## GIVEN RECORDS
- - - -

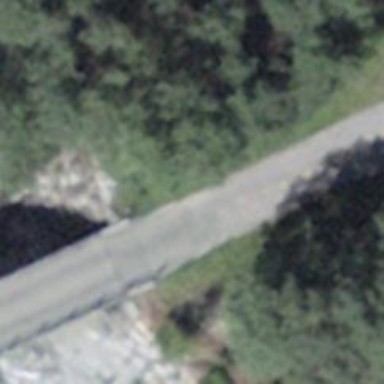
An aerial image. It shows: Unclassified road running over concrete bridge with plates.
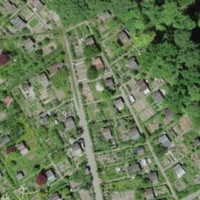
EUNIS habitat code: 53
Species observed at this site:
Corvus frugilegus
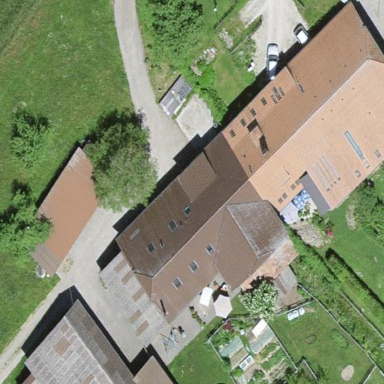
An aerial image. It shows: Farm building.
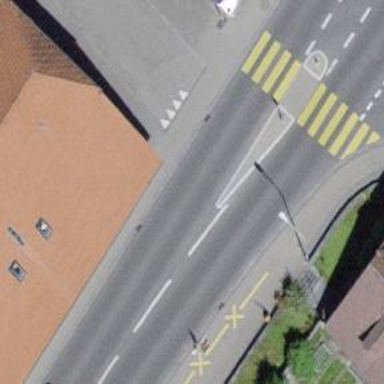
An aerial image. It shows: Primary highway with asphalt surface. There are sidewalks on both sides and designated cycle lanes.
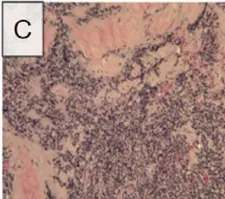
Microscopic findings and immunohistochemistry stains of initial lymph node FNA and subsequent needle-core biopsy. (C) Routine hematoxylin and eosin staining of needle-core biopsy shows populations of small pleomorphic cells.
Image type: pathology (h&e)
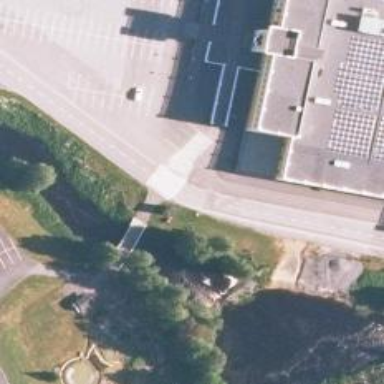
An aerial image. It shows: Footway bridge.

- - - -

## YOUR TASK
When you reproduce the entries above, keep every word exact and leave the images out.

## ANSWER TO THIS EXERCISE
An aerial image. It shows: Unclassified road running over concrete bridge with plates.
EUNIS habitat code: 53
Species observed at this site:
Corvus frugilegus
An aerial image. It shows: Farm building.
An aerial image. It shows: Primary highway with asphalt surface. There are sidewalks on both sides and designated cycle lanes.
Microscopic findings and immunohistochemistry stains of initial lymph node FNA and subsequent needle-core biopsy. (C) Routine hematoxylin and eosin staining of needle-core biopsy shows populations of small pleomorphic cells.
Image type: pathology (h&e)
An aerial image. It shows: Footway bridge.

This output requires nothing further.